- Born: 1965 (age 59–60) Adelaide, South Australia, Australia
- Occupation: Child actor
- Years active: 1976–1982
- Children: 2

= Greg Rowe =

Australian actor

Greg Rowe (born 1965 in Adelaide, South Australia) is an Australian former child actor who starred in Australian films such as Storm Boy (1976) and Blue Fin (1978), both based on novels by Colin Thiele. His last film was Freedom (1982), directed by Academy Award nominee Scott Hicks. As of 2016, he lives with his wife and two children in Toronto, Ontario, Canada.

==Filmography==

| Year | Title | Role | Type |
|---|---|---|---|
| 1976 | Storm Boy | Mike ‘Storm Boy’ Kingley | Feature film |
| 1977 | The Last Wave | Carl | Feature film |
| 1978 | Blue Fin | Steve ‘Snook’ Pascoe | Feature film |
| 1979 | Skyways | Jimmy D’Angelo | TV series |
| 1979 | Refugees from Space |  | Short film |
| 1980 | Young Ramsay | Billy Foster | TV series, 1 episode |
| 1980 | Dead Man's Float (a.k.a.

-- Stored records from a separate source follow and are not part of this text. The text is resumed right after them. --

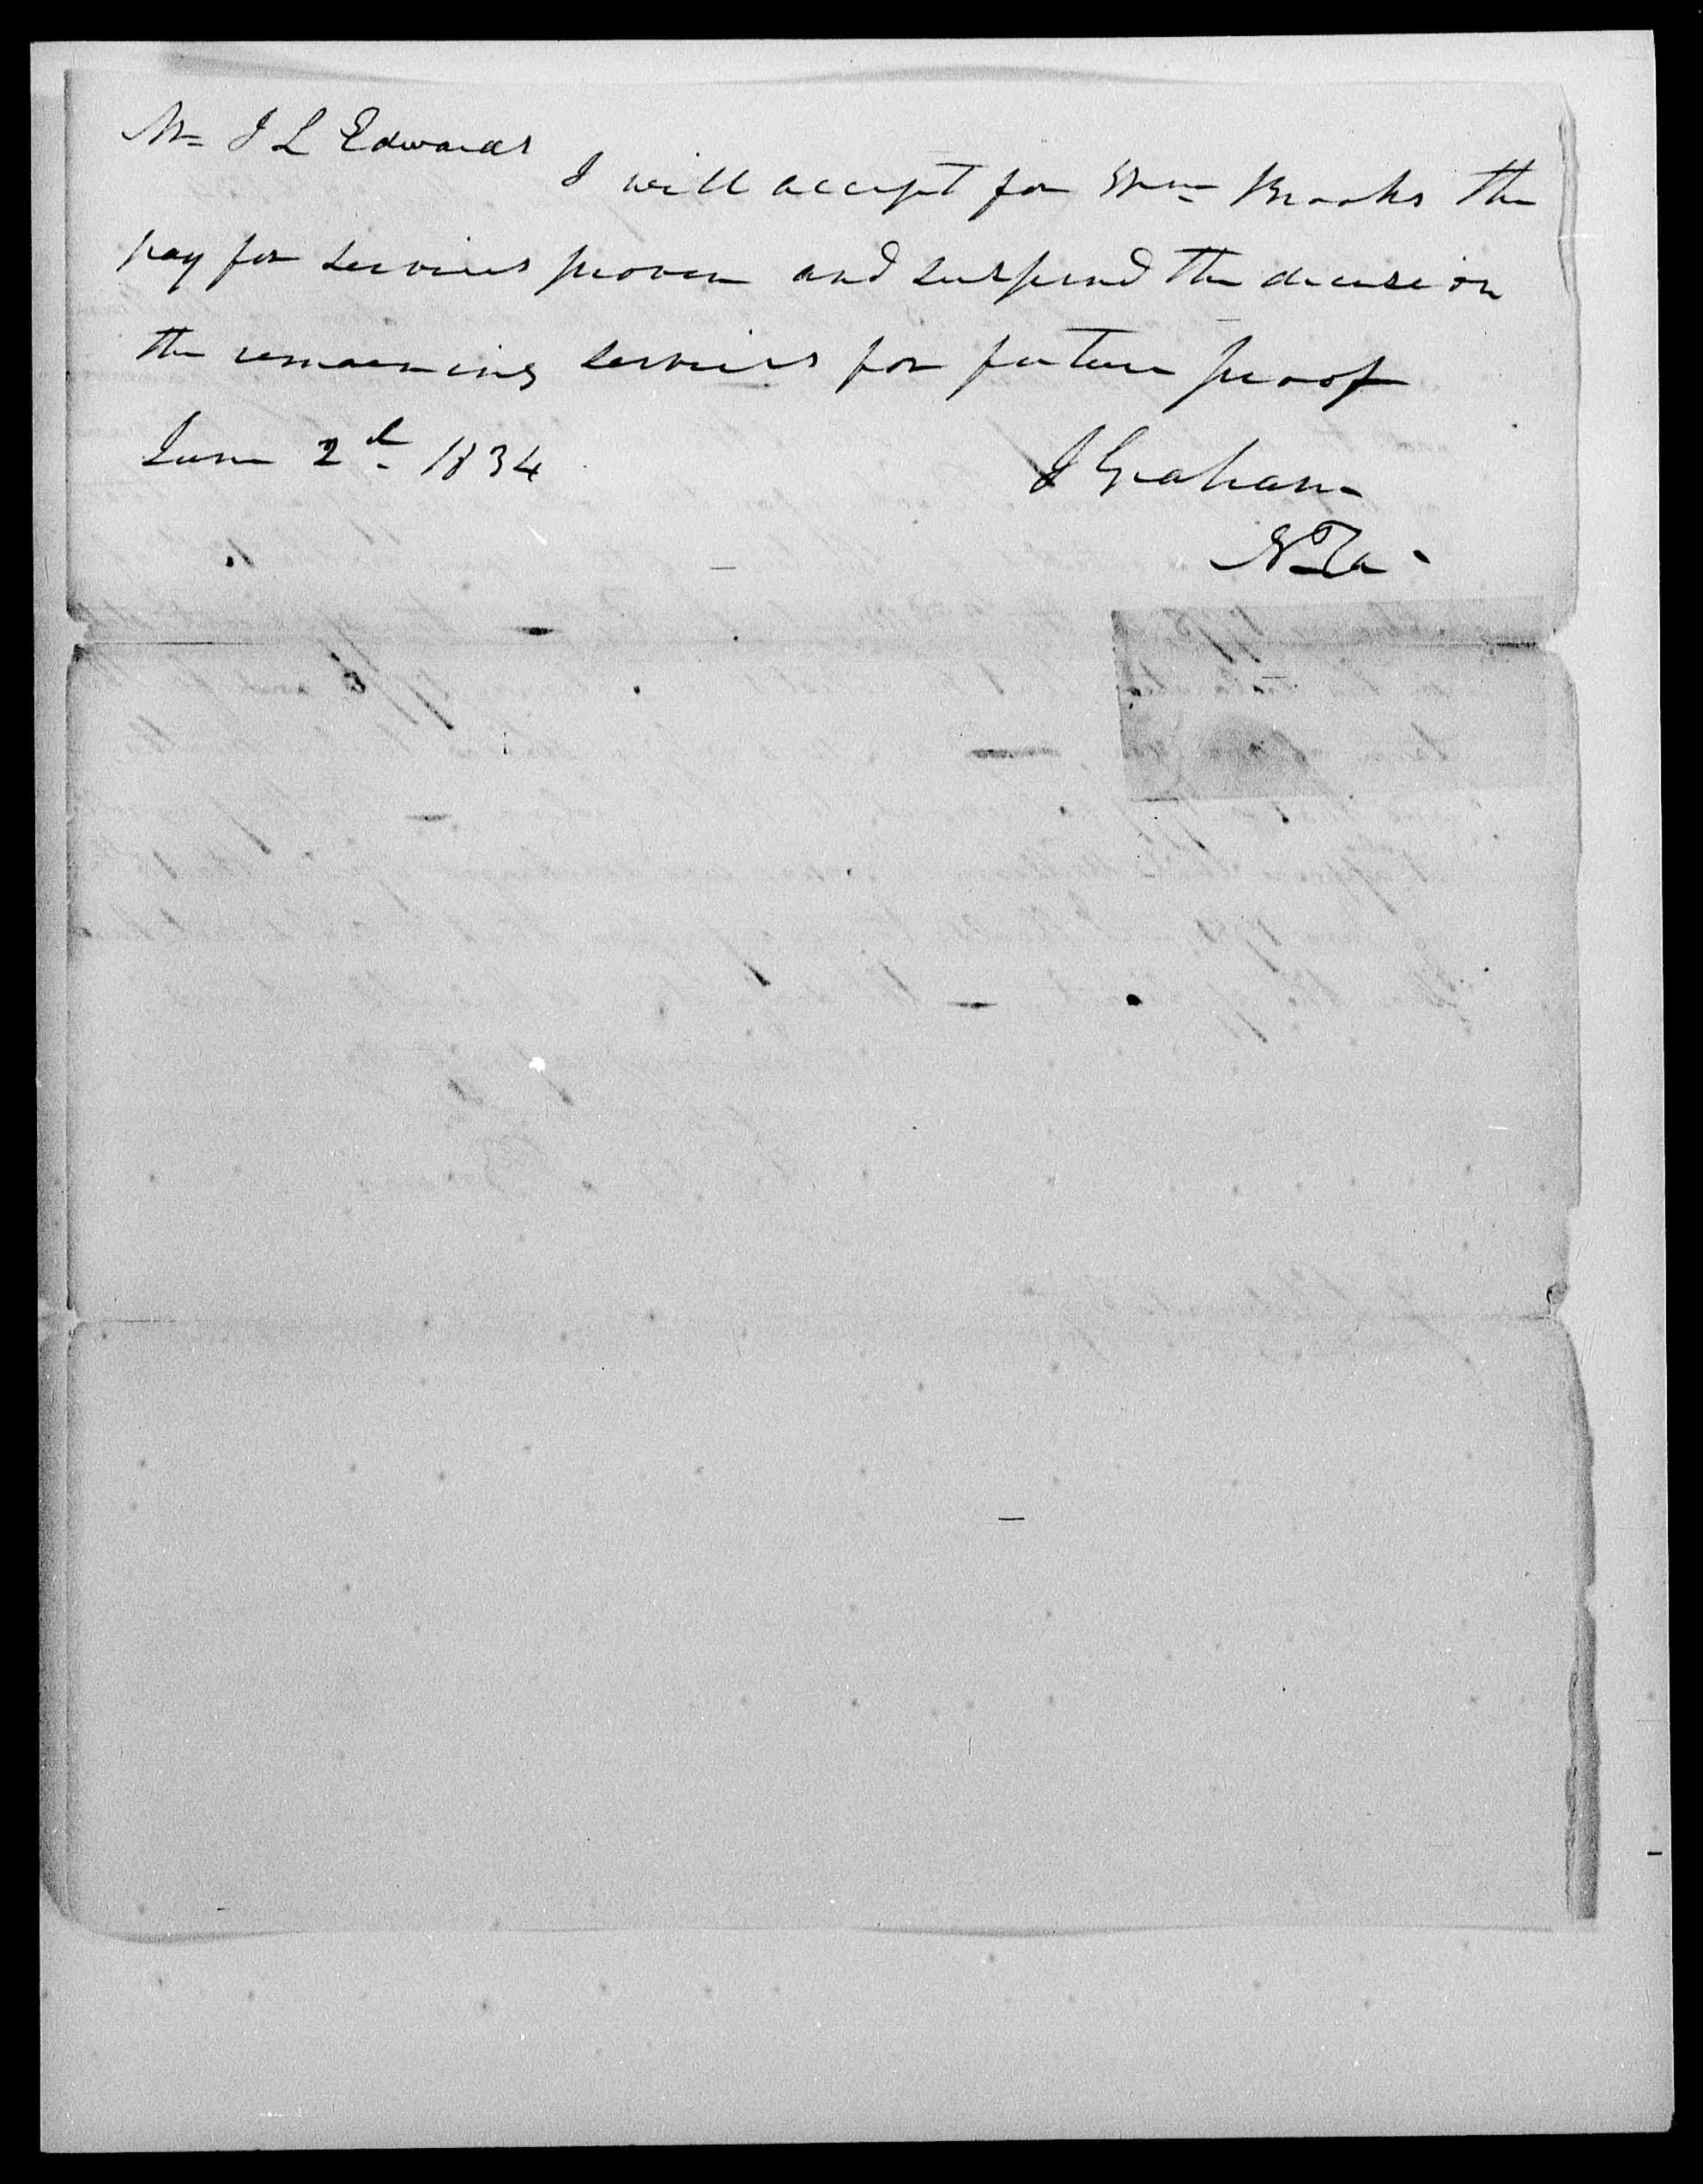Mr. J L Edwards
I will accept for the Brook the
pay for services proven and suspend the decision
the remaining service for future per of
June 2d 1834
J Graham
N Ca

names: J L Edwards, J Graham, Wm Brooks
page: 17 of 17
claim: survivor's
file: S. 6717, William Brooks, Md. N.C.

Smugglers Cove) | Johnny Bell | Feature film |
| 1982 | Freedom | Bowser Boy | Feature film |
| 1987 | The Time Guardian | Uncredited | Feature film |

==Bibliography==
- Holmstrom, John. The Moving Picture Boy: An International Encyclopaedia from 1895 to 1995. Norwich, Michael Russell, 1996, p. 380-351-352.